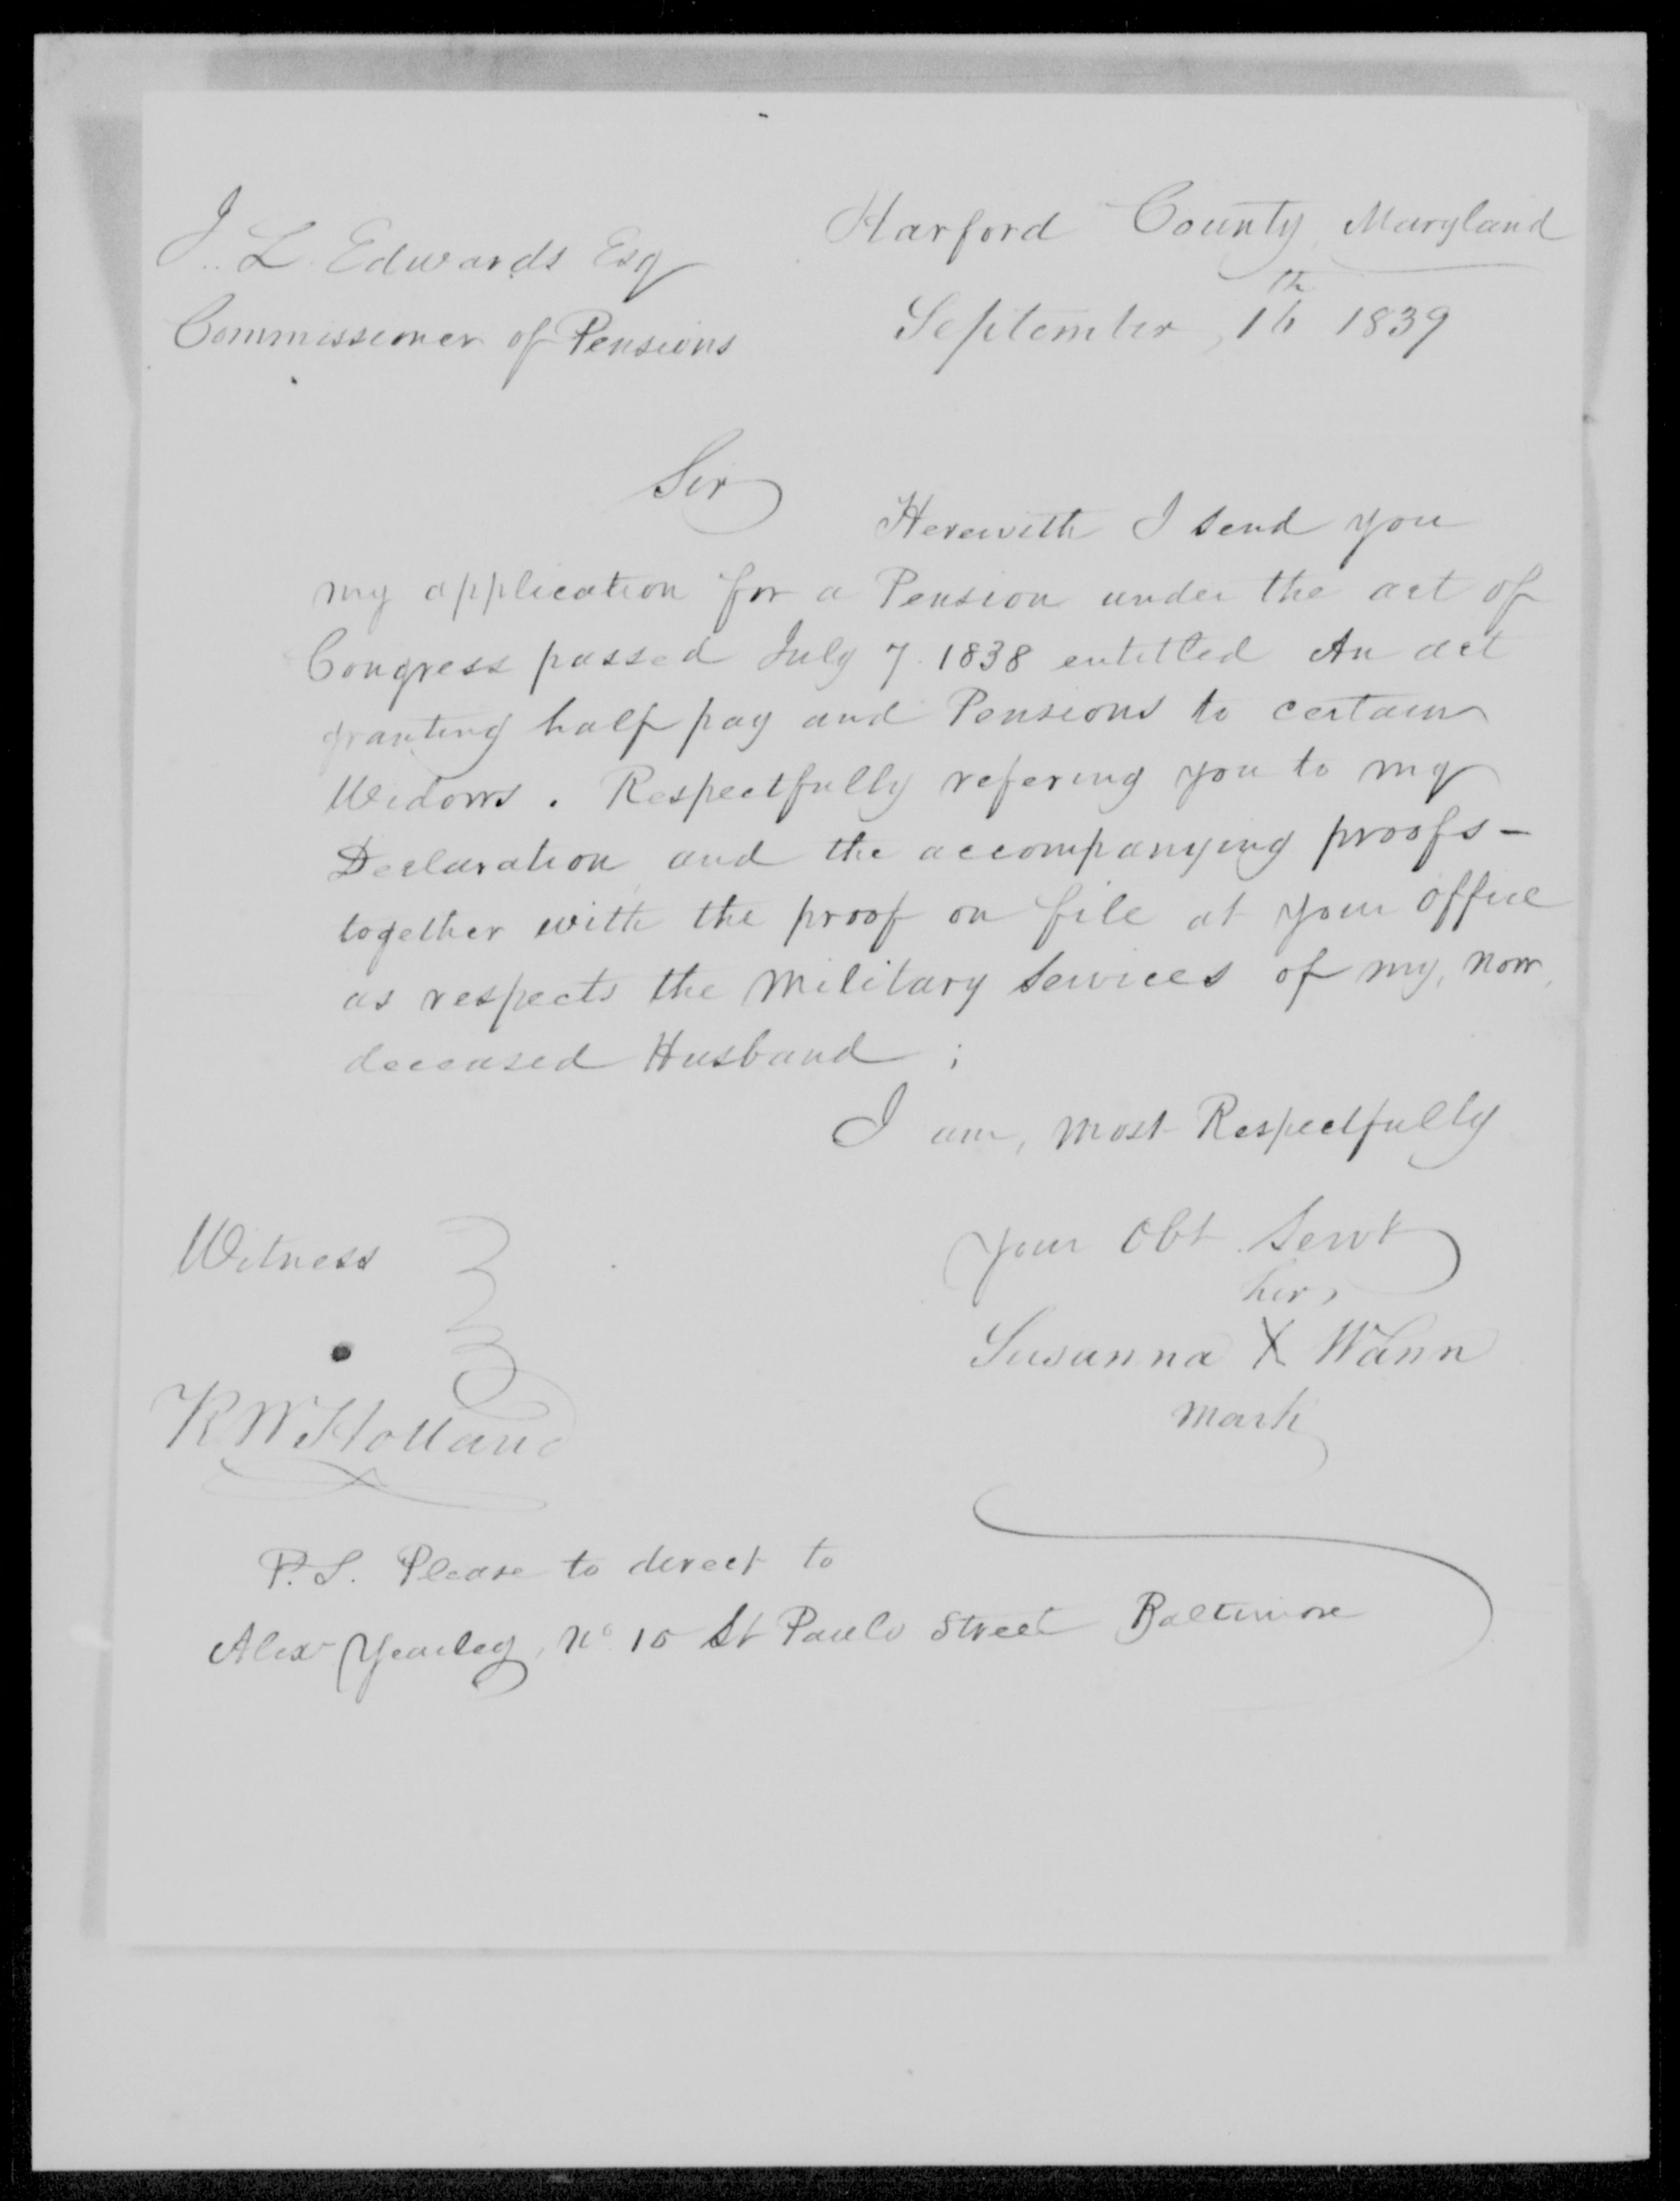Harford County Maryland
September 16 1839
J L Edwards Esq
Commissioner of Pensions
Sir
Herewith I send you my application for a Pension under the act of Congress passed July 7 1838 entitled An act granting half pay and Pensions to certain
Widows. Respectfully refering [referring] you to my Declaration and the accompanying proofs -- together with the proof on file at your office as respects the military services of my, now, deceased Husband;
I am, most respectfully
your Obt Servt
her
Susanna X Wann
Mark
Witness}
R W. Holland}
P.S. Please to direct to Alex Yearley, No 1 St Pauls Street Baltimore

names: J L Edwards, R W Holland, Alexr Yearley, Susanna Wann
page: 28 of 38
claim: widow's
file: W. 3899, John Wann, Penn.
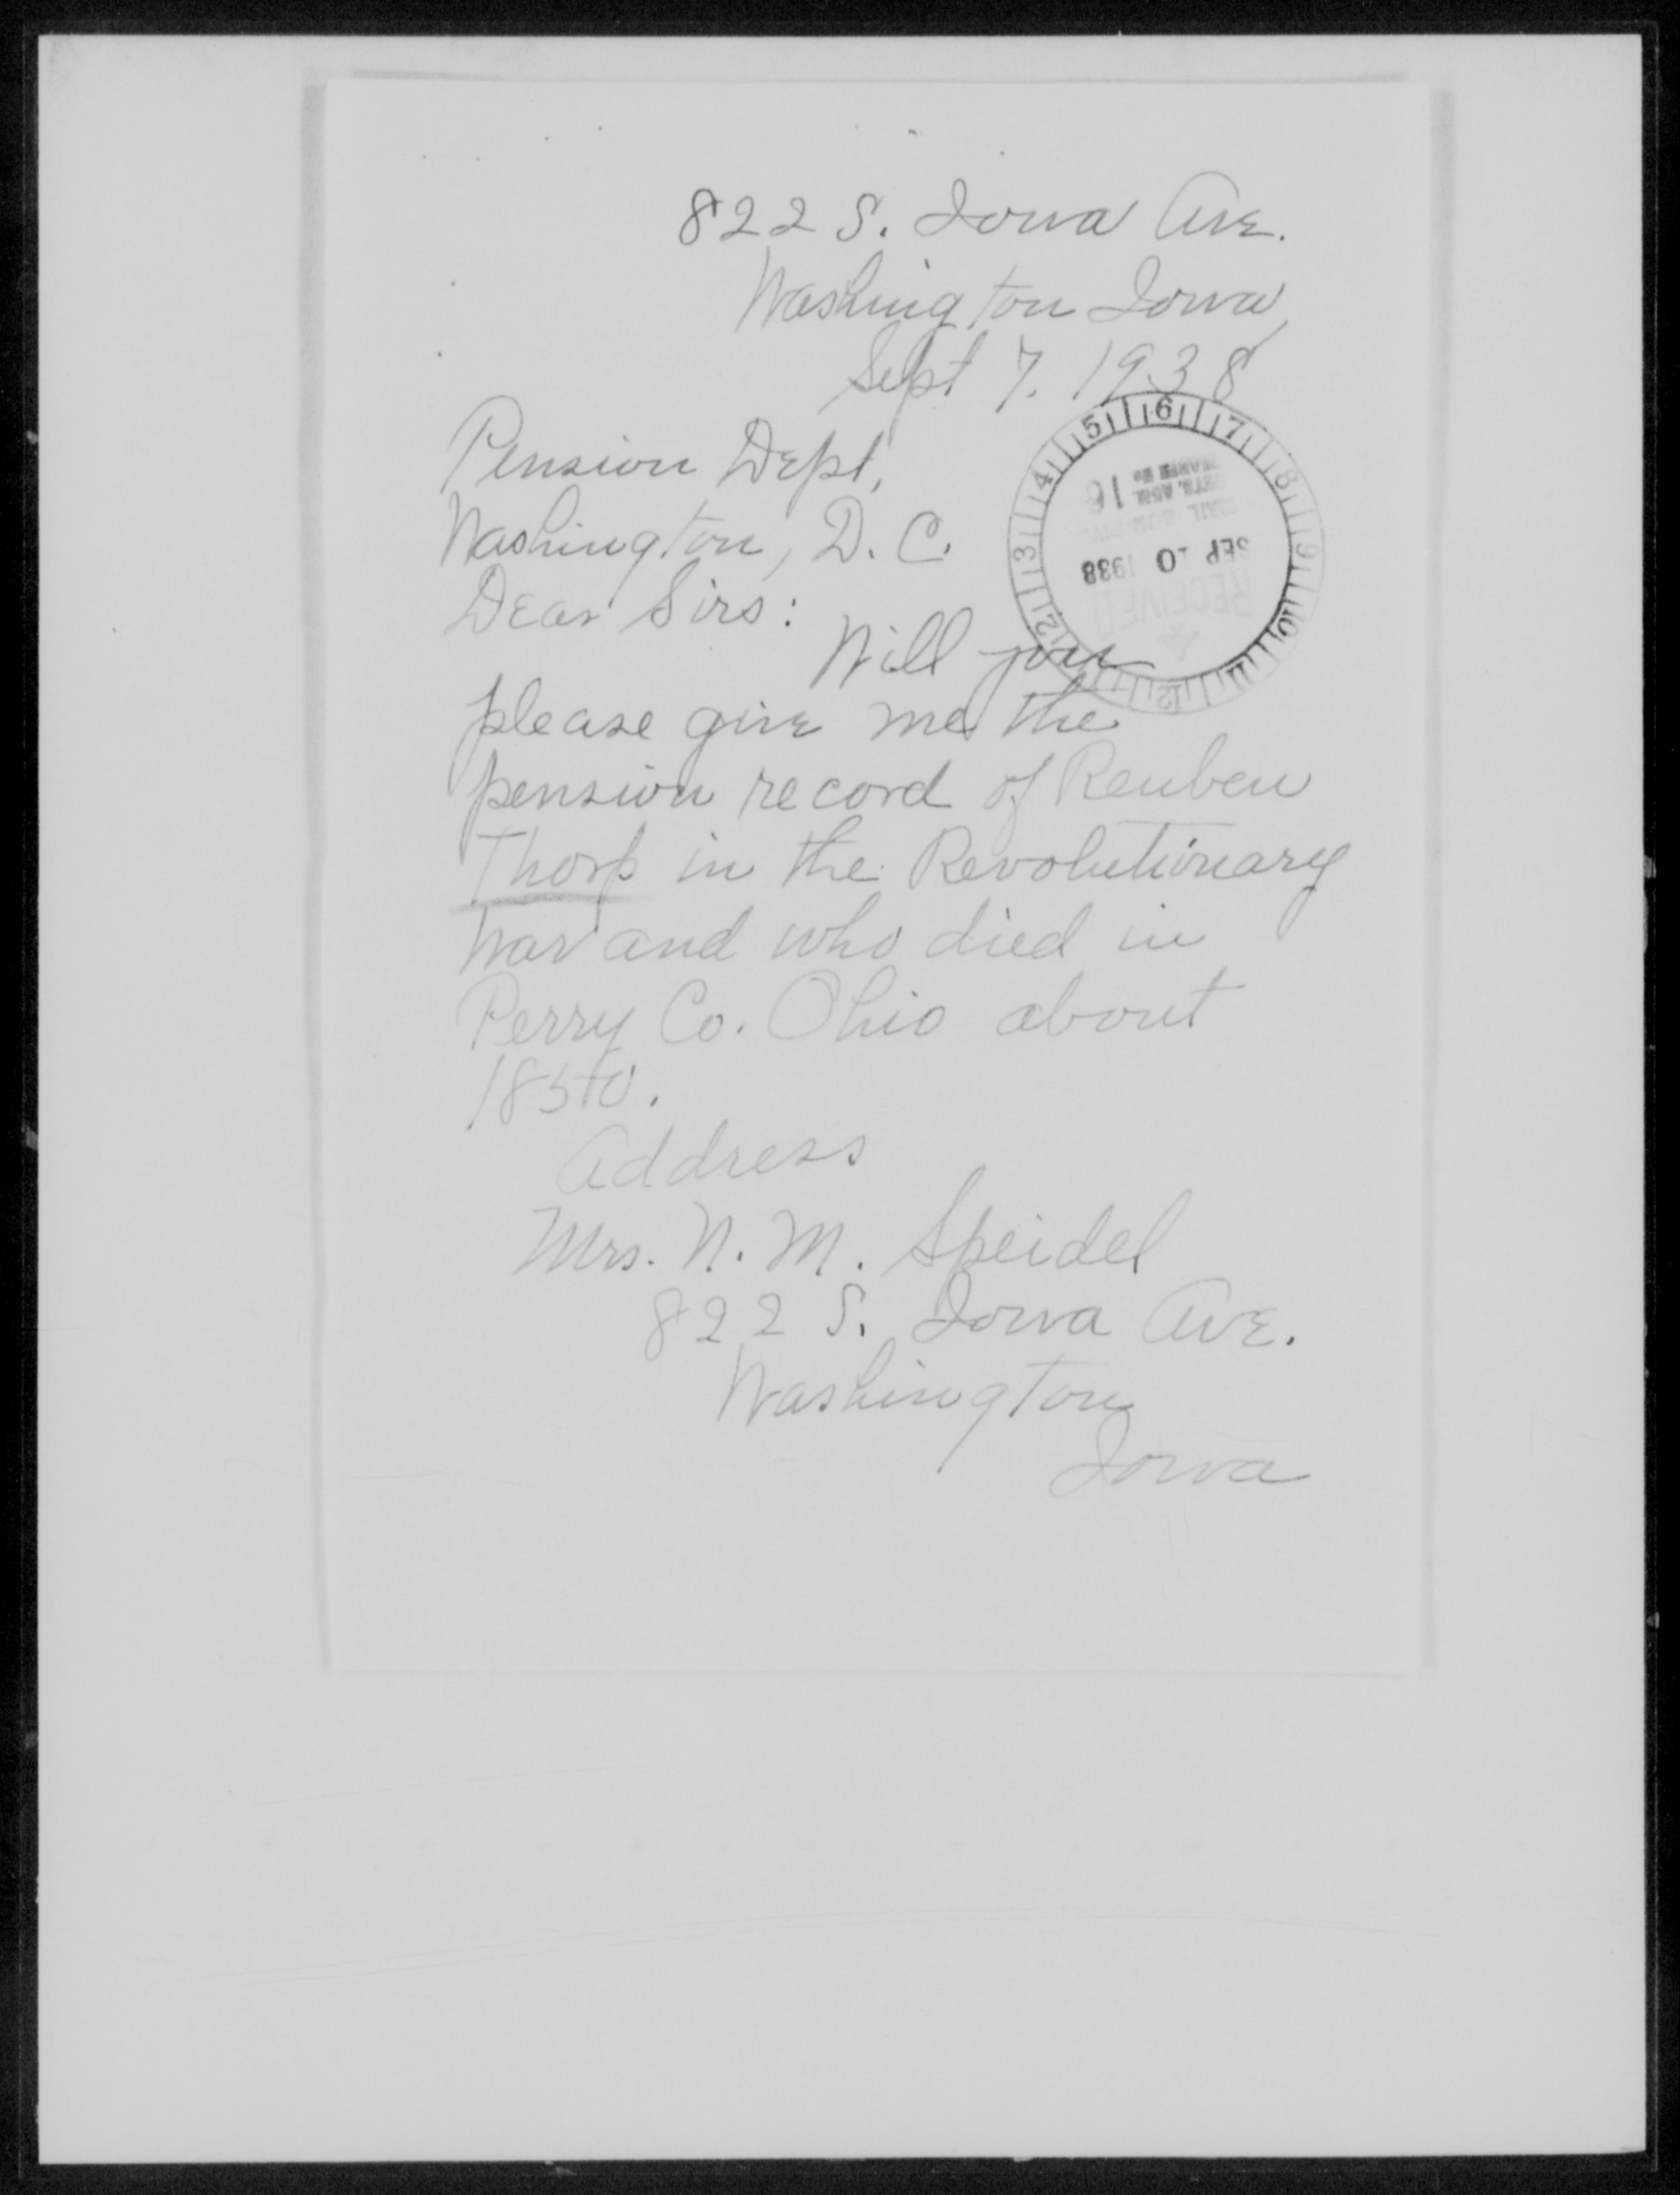822 S. Iowa Ave.
Washington Iowa
Sept 7, 1938

[stamp]
RECEIVED
SEP 10 1938
MAIL SUB-DIV
[ILLEGIBLE]
16

Pension Dept.
Washington, D.C.

Dear Sirs: 
Will you
please give me the
pension record of Reuben
Thorp in the Revolutionary 
War and who died in
Perry Co. Ohio about
1850.
Address
Mrs. N.M. Speidel
822 S. Iowa Ave.
Washington 
Iowa

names: N M Speidel; Reuben Thorp
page: 26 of 28
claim: survivor's
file: S. 6229, for Reuben Thorp, New Jersey

What the exercise asks: Reproduce every record above exactly, omitting the pictures.

Written reply:
Harford County Maryland
September 16 1839
J L Edwards Esq
Commissioner of Pensions
Sir
Herewith I send you my application for a Pension under the act of Congress passed July 7 1838 entitled An act granting half pay and Pensions to certain
Widows. Respectfully refering [referring] you to my Declaration and the accompanying proofs -- together with the proof on file at your office as respects the military services of my, now, deceased Husband;
I am, most respectfully
your Obt Servt
her
Susanna X Wann
Mark
Witness}
R W. Holland}
P.S. Please to direct to Alex Yearley, No 1 St Pauls Street Baltimore

names: J L Edwards, R W Holland, Alexr Yearley, Susanna Wann
page: 28 of 38
claim: widow's
file: W. 3899, John Wann, Penn.
822 S. Iowa Ave.
Washington Iowa
Sept 7, 1938

[stamp]
RECEIVED
SEP 10 1938
MAIL SUB-DIV
[ILLEGIBLE]
16

Pension Dept.
Washington, D.C.

Dear Sirs: 
Will you
please give me the
pension record of Reuben
Thorp in the Revolutionary 
War and who died in
Perry Co. Ohio about
1850.
Address
Mrs. N.M. Speidel
822 S. Iowa Ave.
Washington 
Iowa

names: N M Speidel; Reuben Thorp
page: 26 of 28
claim: survivor's
file: S. 6229, for Reuben Thorp, New Jersey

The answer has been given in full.